(Input Opens)

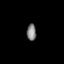
Tissue: lung
Cell type: Epithelial cells
Senescence score: 0.2258
Nuclear area (px): 152
Mean DAPI intensity: 129.796
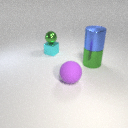
large green metal cylinder in front of small cyan metal cube
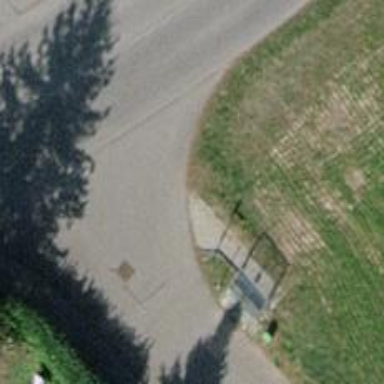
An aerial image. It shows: Bus stop with sheltered platform for public transport.
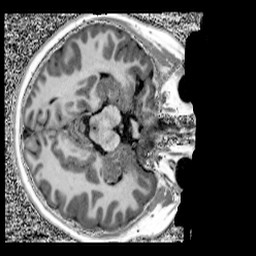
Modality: UNIT1
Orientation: axial
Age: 10
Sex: male
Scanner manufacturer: siemens
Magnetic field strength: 3 T
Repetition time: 4 s
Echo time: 0.00303 s
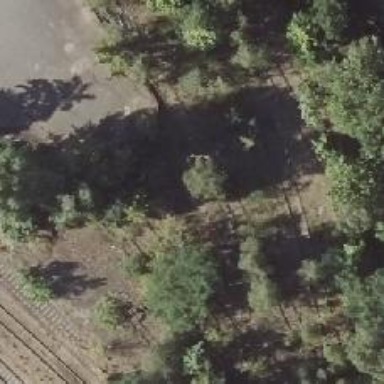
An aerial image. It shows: Disused railway yard with one track.
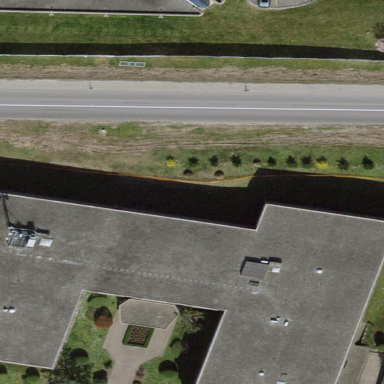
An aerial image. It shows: Commercial building.
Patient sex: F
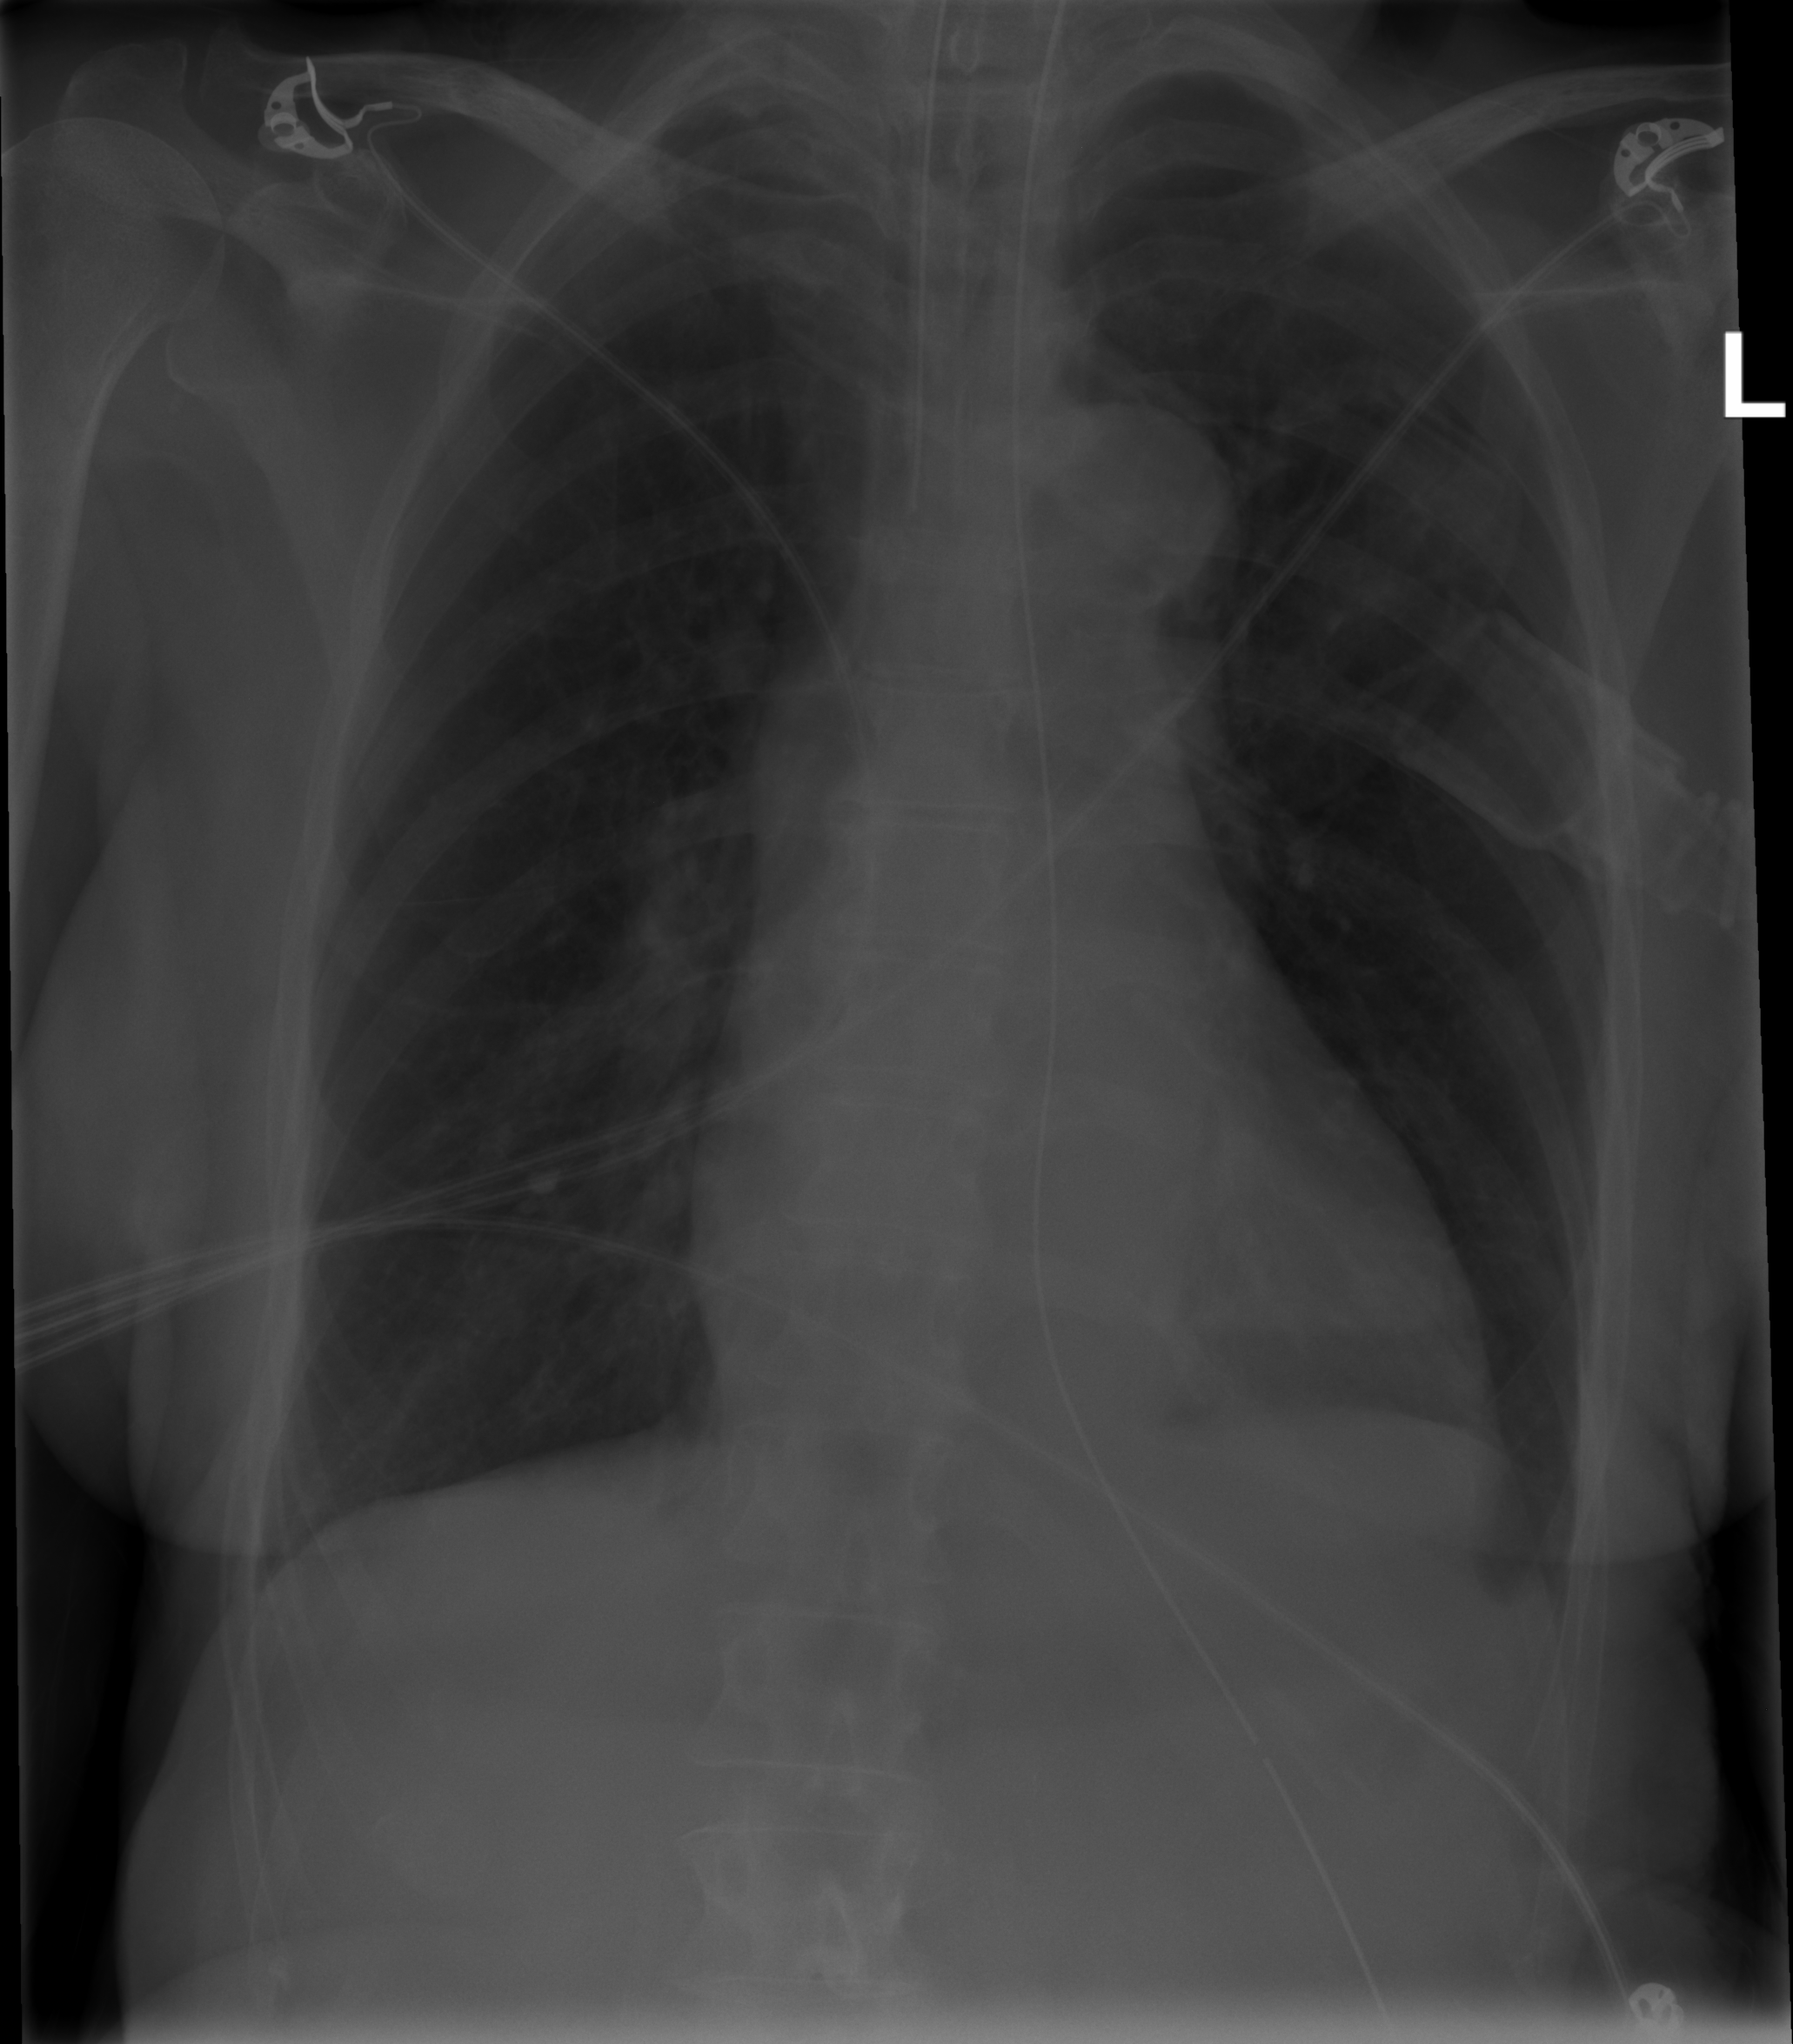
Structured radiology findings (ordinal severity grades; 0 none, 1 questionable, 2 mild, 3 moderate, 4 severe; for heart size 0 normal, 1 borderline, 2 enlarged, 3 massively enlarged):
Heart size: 0
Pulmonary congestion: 2
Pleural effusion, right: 0
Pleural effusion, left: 0
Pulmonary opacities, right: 0
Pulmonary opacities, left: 0
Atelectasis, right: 0
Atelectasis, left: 0
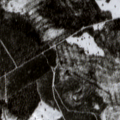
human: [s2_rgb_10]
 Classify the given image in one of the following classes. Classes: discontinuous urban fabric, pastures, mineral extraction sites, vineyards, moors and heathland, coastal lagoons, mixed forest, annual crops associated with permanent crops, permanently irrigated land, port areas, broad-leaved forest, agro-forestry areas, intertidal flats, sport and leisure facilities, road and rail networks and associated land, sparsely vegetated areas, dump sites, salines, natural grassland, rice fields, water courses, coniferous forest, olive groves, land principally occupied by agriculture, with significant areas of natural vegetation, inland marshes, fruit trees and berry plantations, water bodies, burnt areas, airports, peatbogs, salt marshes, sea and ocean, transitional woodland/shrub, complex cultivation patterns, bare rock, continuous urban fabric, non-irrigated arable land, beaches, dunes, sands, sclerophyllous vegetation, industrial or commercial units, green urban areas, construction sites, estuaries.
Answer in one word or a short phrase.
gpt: mixed forest, transitional woodland/shrub
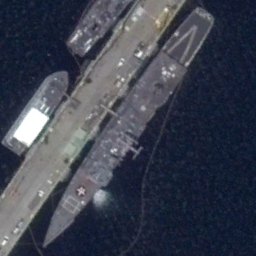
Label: cruiser
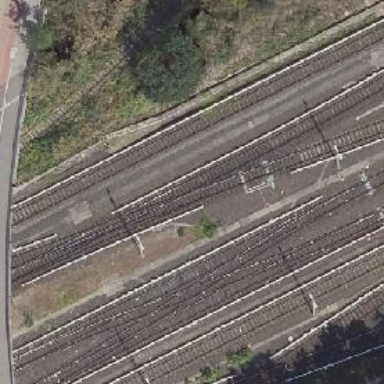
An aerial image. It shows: Light rail railway line with electrified rails.

(Input Closes)

▸ What to do: Copy the lines of the records, beginning where the line containing "Pulmonary opacities, right: 0" appears and continuing through the final line, exactly and with no pictures.

▸ Reply:
Pulmonary opacities, right: 0
Pulmonary opacities, left: 0
Atelectasis, right: 0
Atelectasis, left: 0
human: [s2_rgb_10]
 Classify the given image in one of the following classes. Classes: discontinuous urban fabric, pastures, mineral extraction sites, vineyards, moors and heathland, coastal lagoons, mixed forest, annual crops associated with permanent crops, permanently irrigated land, port areas, broad-leaved forest, agro-forestry areas, intertidal flats, sport and leisure facilities, road and rail networks and associated land, sparsely vegetated areas, dump sites, salines, natural grassland, rice fields, water courses, coniferous forest, olive groves, land principally occupied by agriculture, with significant areas of natural vegetation, inland marshes, fruit trees and berry plantations, water bodies, burnt areas, airports, peatbogs, salt marshes, sea and ocean, transitional woodland/shrub, complex cultivation patterns, bare rock, continuous urban fabric, non-irrigated arable land, beaches, dunes, sands, sclerophyllous vegetation, industrial or commercial units, green urban areas, construction sites, estuaries.
Answer in one word or a short phrase.
gpt: mixed forest, transitional woodland/shrub
Label: cruiser
An aerial image. It shows: Light rail railway line with electrified rails.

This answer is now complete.